現状では、このような情報をうまく取り扱う仕組みが確立されていないため、ゲノム情報は様々な組織に囲い込まれて孤立しています。研究者の間で情報が共有されなければ、せっかく大量にあるデータが十分に活用されません。
例えば、研究者が患者さんのゲノム配列をデータベースと照合して、疾患の原因を解析するケースを考えましょう。検索に用いるゲノム配列は患者さんのプライバシーを守るため秘密の情報です。一方、データベースに保存されているゲノム配列も秘密の情報です。この場合、患者さんのゲノム情報を守ろうとすると、研究者はデータベース検索ができません。
私たちは、このようなジレンマを解決するために、データを暗号化し、すべての処理を暗号化したまま行う秘匿ゲノム検索の研究に取り組んでいます。ちょっと複雑ですがこの研究では、加法準同型暗号と呼ばれる暗号方式を使います。

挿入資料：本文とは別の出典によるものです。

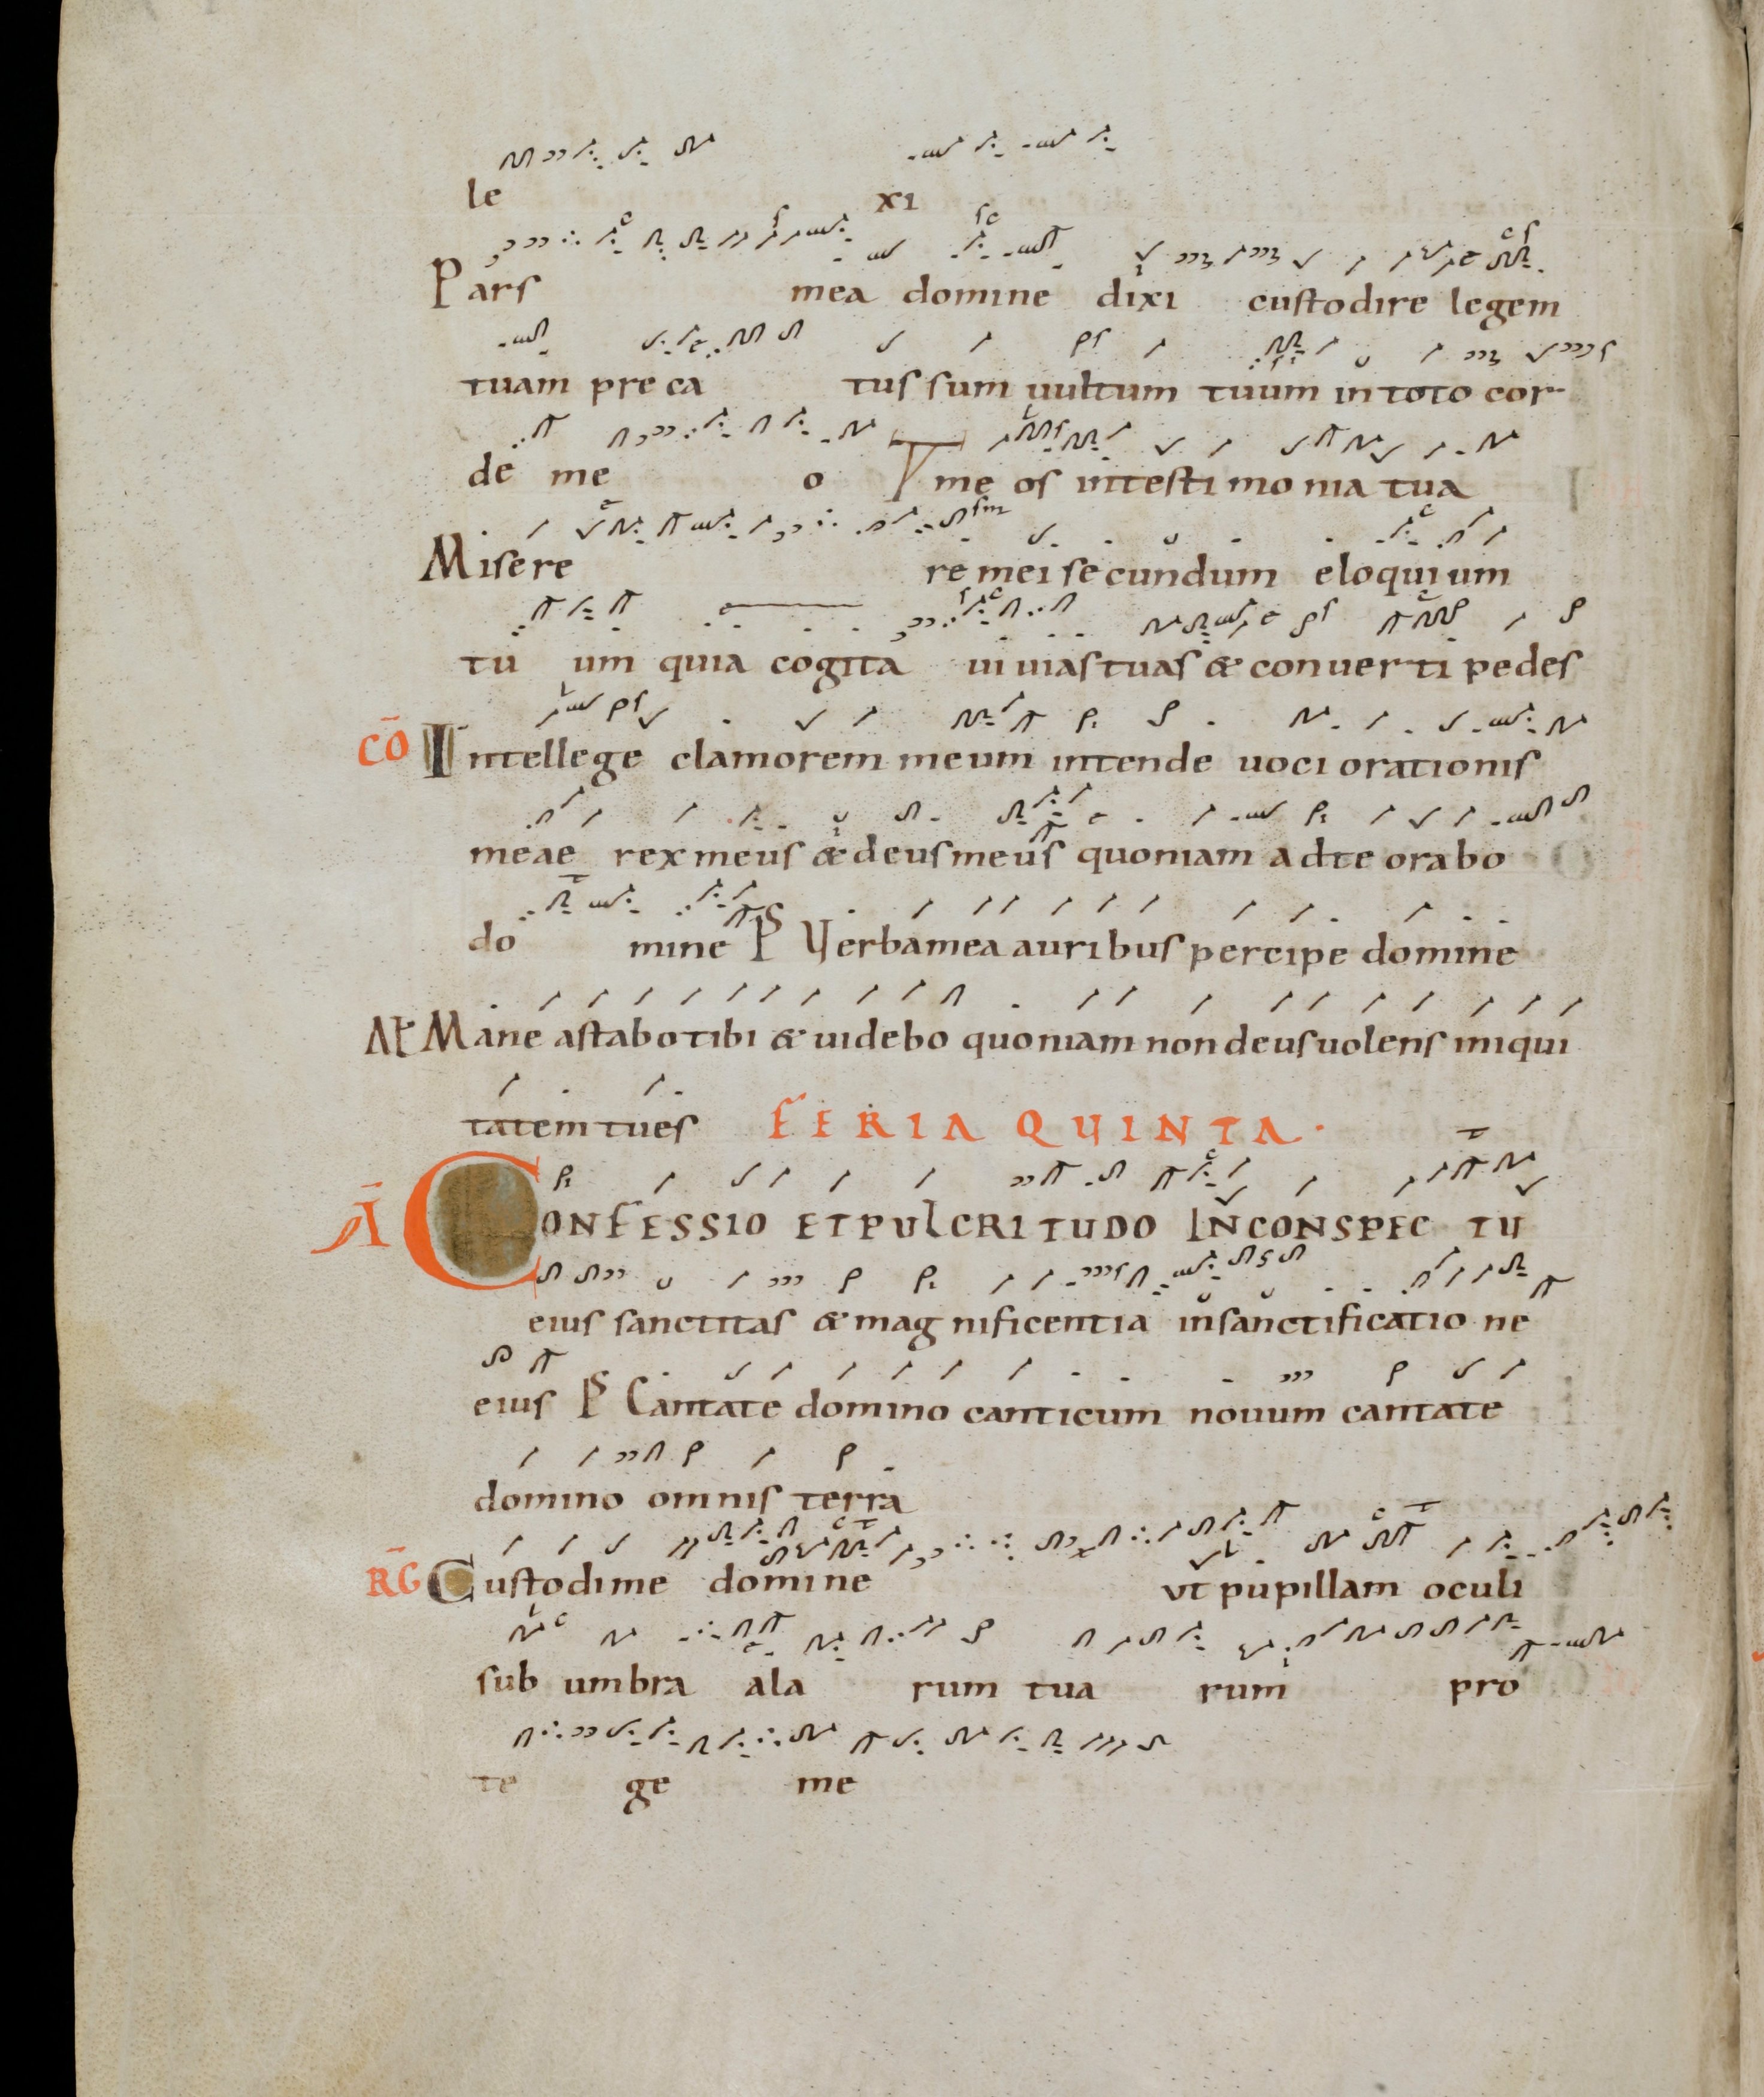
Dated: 1000–1099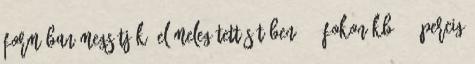
formában megsütjük. Előmelegített sütőben 200 fokon kb. 15 percig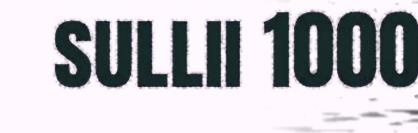
sullii 1000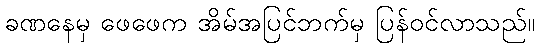
ခဏနေမှ ဖေဖေက အိမ်အပြင်ဘက်မှ ပြန်ဝင်လာသည်။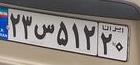
۲۳س۵۱۲۲۰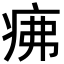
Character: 疿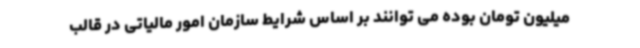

この暗号方式はただ単純に値を暗号化するだけでなく、暗号化した値同士を作用させると暗号化する前の値同士の加算を計算できるという、とても特殊な性質を持っています。平たく言ってしまうと暗号化したまま足し算ができるのです。私たちは、この“安全な足し算”をうまく組み合わせることによって、ゲノム配列を隠したまま検索結果だけを得る技術を開発しました。
秘匿ゲノム検索を用いると、例えば次のような検索ができます。ある患者さんのゲノム配列の左から2番目の文字が‘A’だったとします。そこで担当のお医者さんがデータベースに対して、同じ特徴を持つゲノム配列が糖尿病に関連している割合はどのくらいなのかと問い合わせてみたとします。そうするとデータベースはその質問の内容を全く見ないまま、教えてもよい検索結果だけをお医者さんに知らせることができます。この場合は、問い合わせのワードは2とAで、データベースはこの2とAを知ることなく30%と答えることができます。
秘匿ゲノム検索の技術開発が進めば、ヒトゲノムデータの有効活用につながります。それによって、生物学・医学の研究がより発展することを期待しています。